# DATASET CONTENT
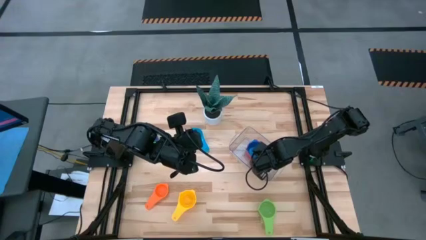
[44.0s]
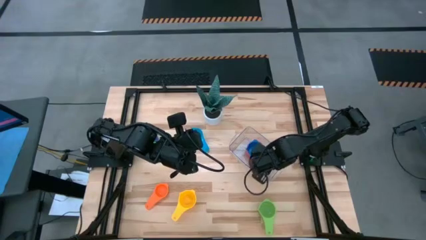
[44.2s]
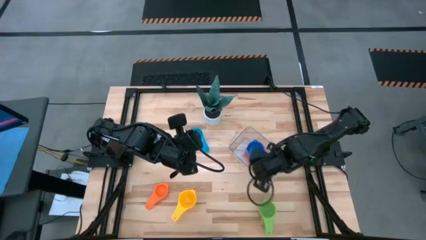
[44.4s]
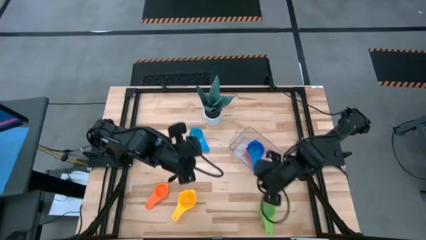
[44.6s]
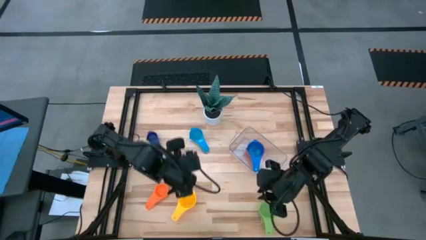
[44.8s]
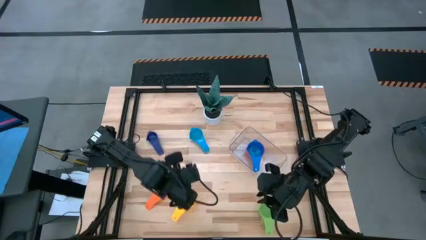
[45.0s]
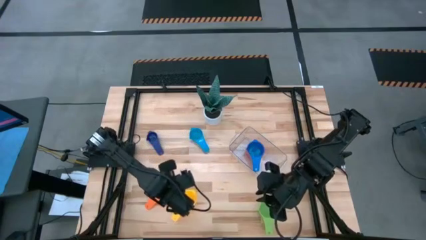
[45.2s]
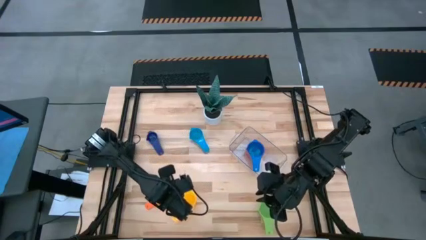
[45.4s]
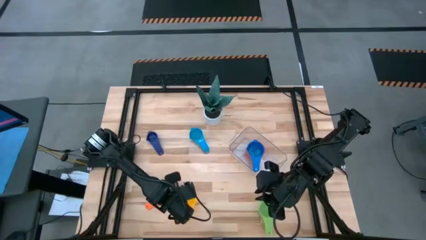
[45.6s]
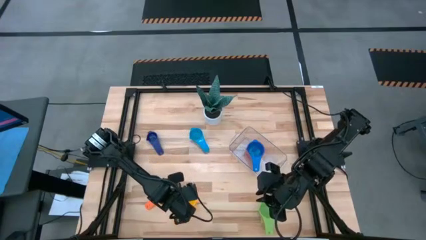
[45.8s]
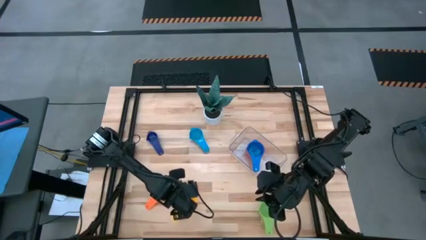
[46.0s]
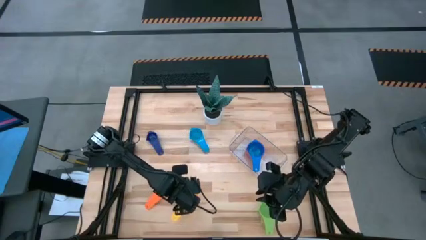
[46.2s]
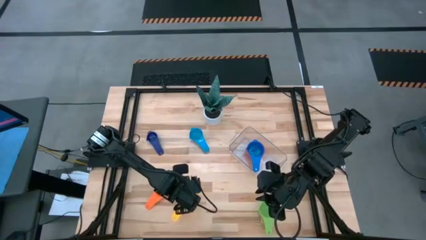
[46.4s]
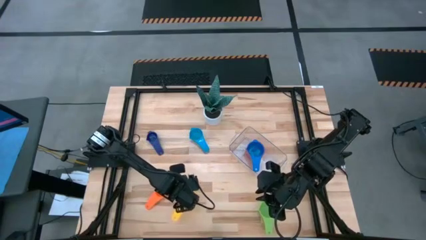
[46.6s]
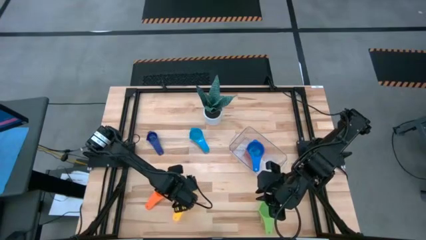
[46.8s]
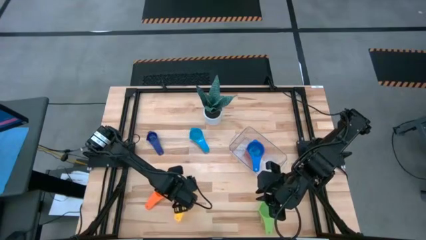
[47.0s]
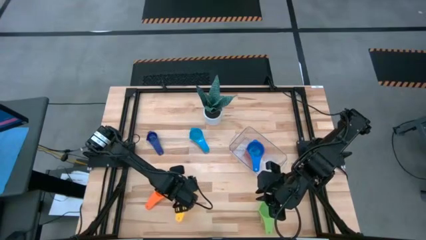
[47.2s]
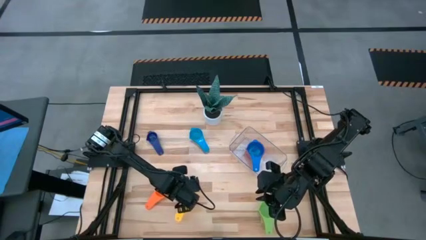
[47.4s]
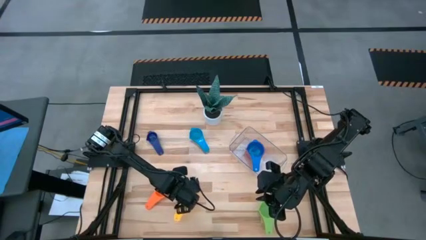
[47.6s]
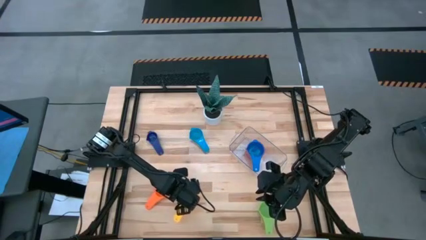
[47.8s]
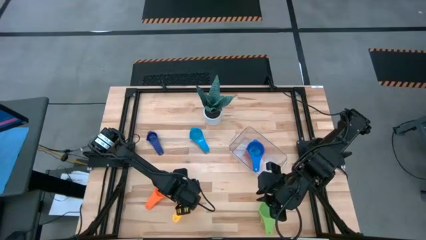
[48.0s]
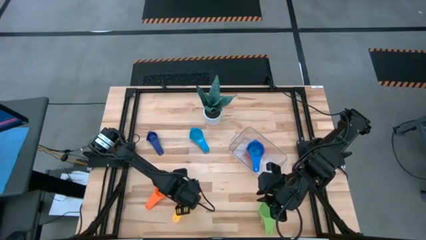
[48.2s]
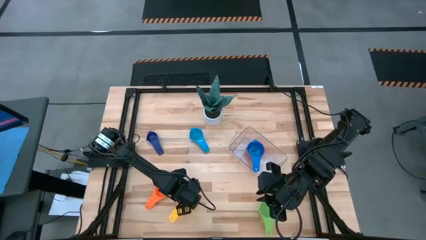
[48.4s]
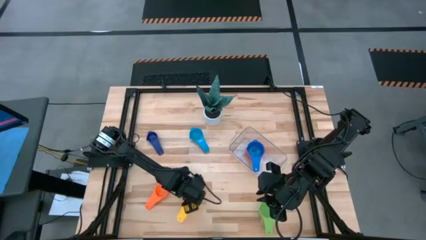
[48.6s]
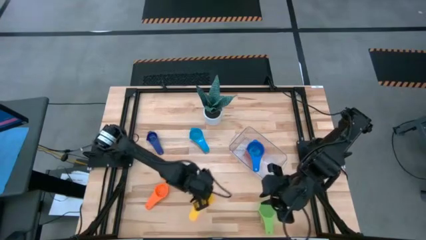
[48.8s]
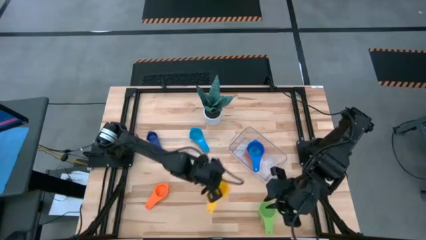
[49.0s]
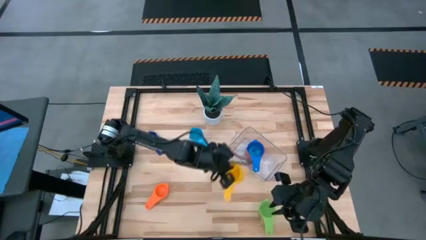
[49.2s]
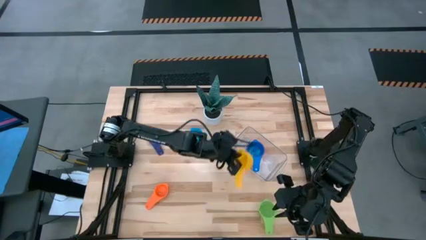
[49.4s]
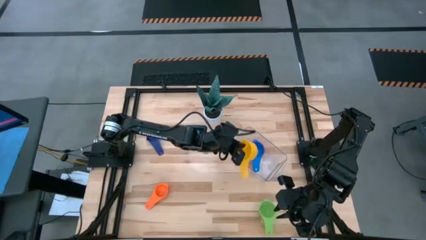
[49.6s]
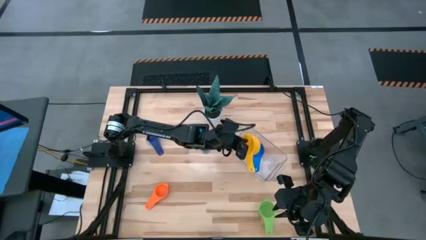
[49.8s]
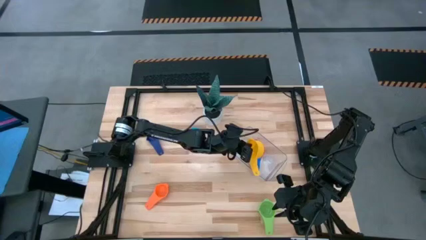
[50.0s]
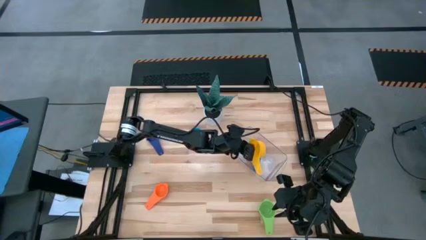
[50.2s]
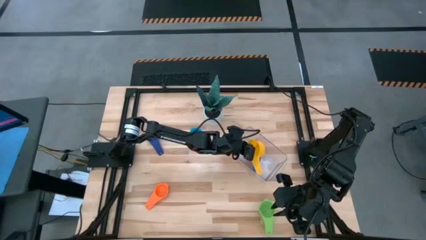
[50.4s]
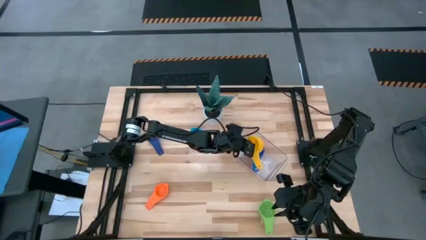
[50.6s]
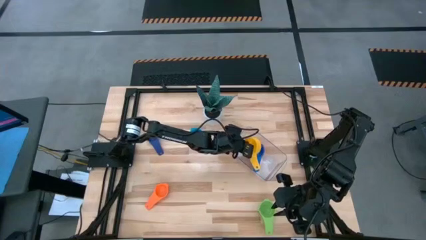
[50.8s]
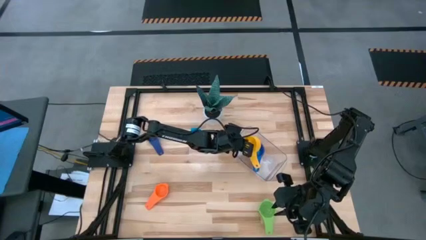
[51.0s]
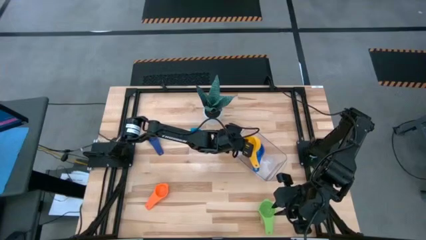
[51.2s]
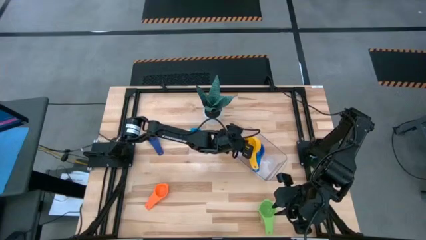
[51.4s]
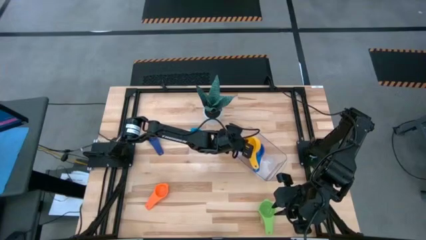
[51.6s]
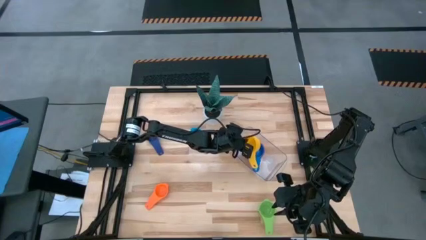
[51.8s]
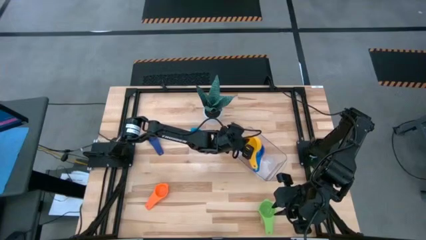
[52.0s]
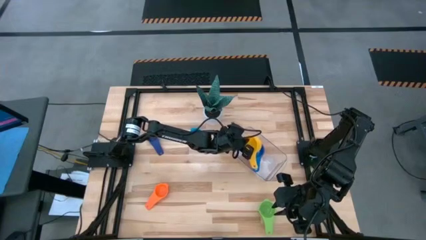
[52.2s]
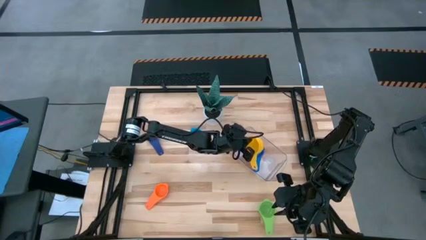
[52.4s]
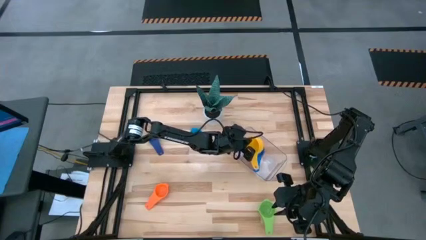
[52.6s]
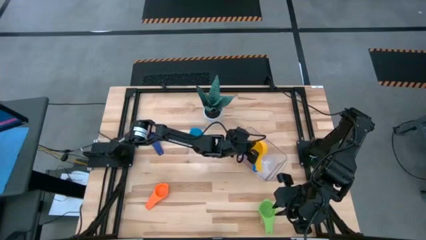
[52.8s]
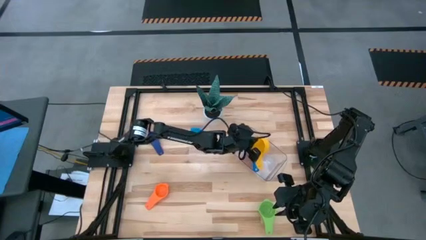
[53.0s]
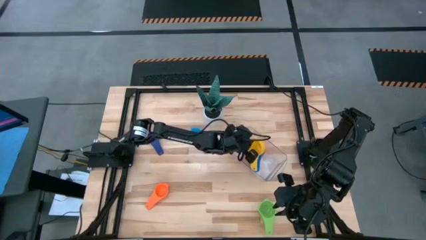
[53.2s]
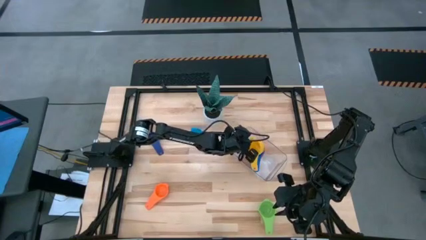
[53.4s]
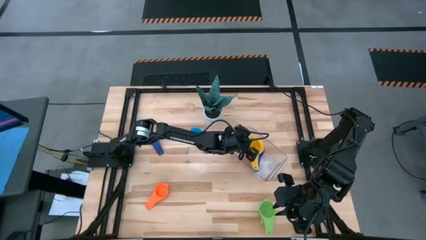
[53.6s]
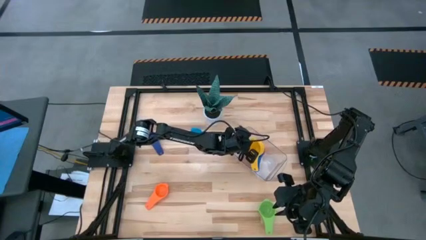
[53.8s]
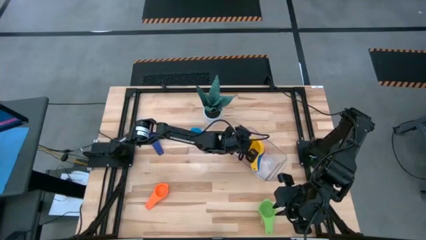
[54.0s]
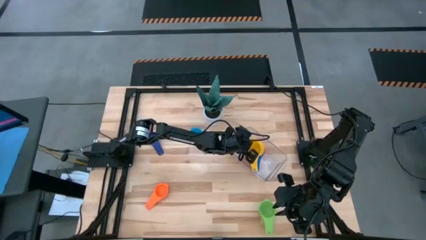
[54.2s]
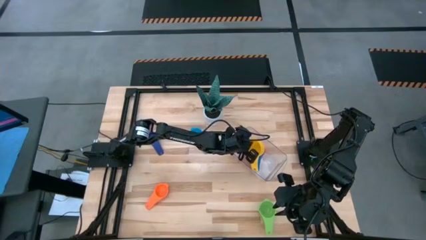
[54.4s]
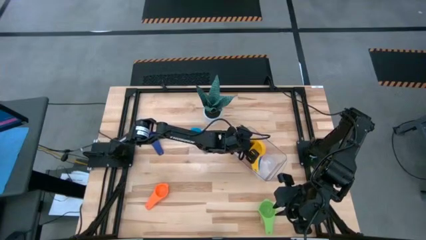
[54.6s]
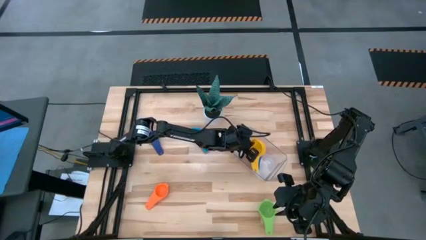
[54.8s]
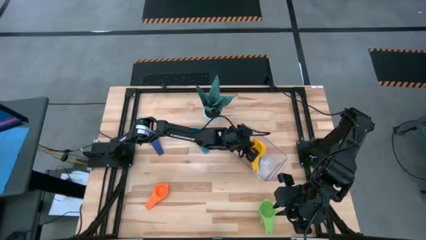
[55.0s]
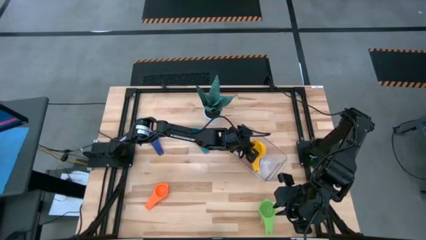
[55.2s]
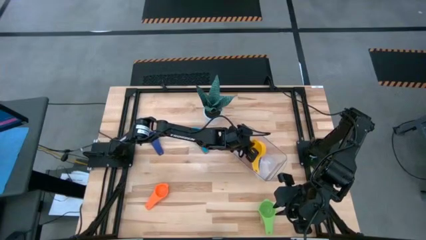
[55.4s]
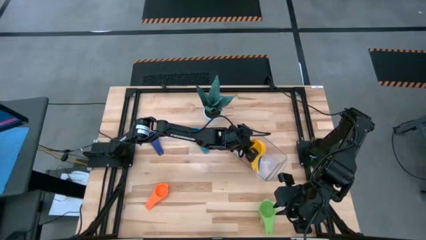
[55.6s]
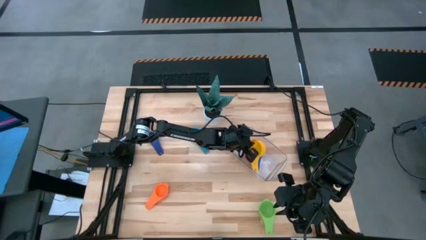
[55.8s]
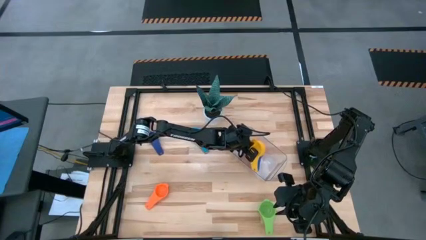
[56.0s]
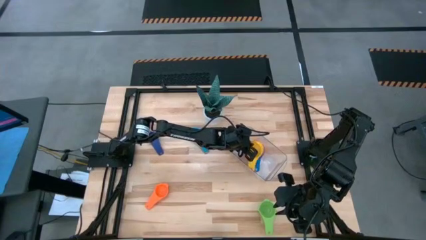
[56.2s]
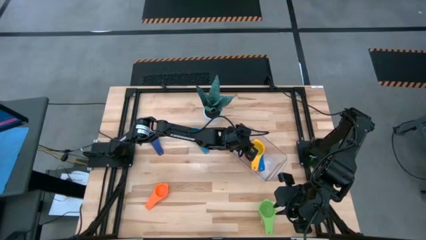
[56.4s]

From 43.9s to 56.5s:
Task: Nest measuring cups in basket
Stack the yellow measuring cup on top of the blue measuring cup

# REQUIRED ACTION
Set down all of the material above exactly as written, leaving the pictures out.

# ANSWER TO THIS TASK
[44.0s]
[44.2s]
[44.4s]
[44.6s]
[44.8s]
[45.0s]
[45.2s]
[45.4s]
[45.6s]
[45.8s]
[46.0s]
[46.2s]
[46.4s]
[46.6s]
[46.8s]
[47.0s]
[47.2s]
[47.4s]
[47.6s]
[47.8s]
[48.0s]
[48.2s]
[48.4s]
[48.6s]
[48.8s]
[49.0s]
[49.2s]
[49.4s]
[49.6s]
[49.8s]
[50.0s]
[50.2s]
[50.4s]
[50.6s]
[50.8s]
[51.0s]
[51.2s]
[51.4s]
[51.6s]
[51.8s]
[52.0s]
[52.2s]
[52.4s]
[52.6s]
[52.8s]
[53.0s]
[53.2s]
[53.4s]
[53.6s]
[53.8s]
[54.0s]
[54.2s]
[54.4s]
[54.6s]
[54.8s]
[55.0s]
[55.2s]
[55.4s]
[55.6s]
[55.8s]
[56.0s]
[56.2s]
[56.4s]

From 43.9s to 56.5s:
Task: Nest measuring cups in basket
Stack the yellow measuring cup on top of the blue measuring cup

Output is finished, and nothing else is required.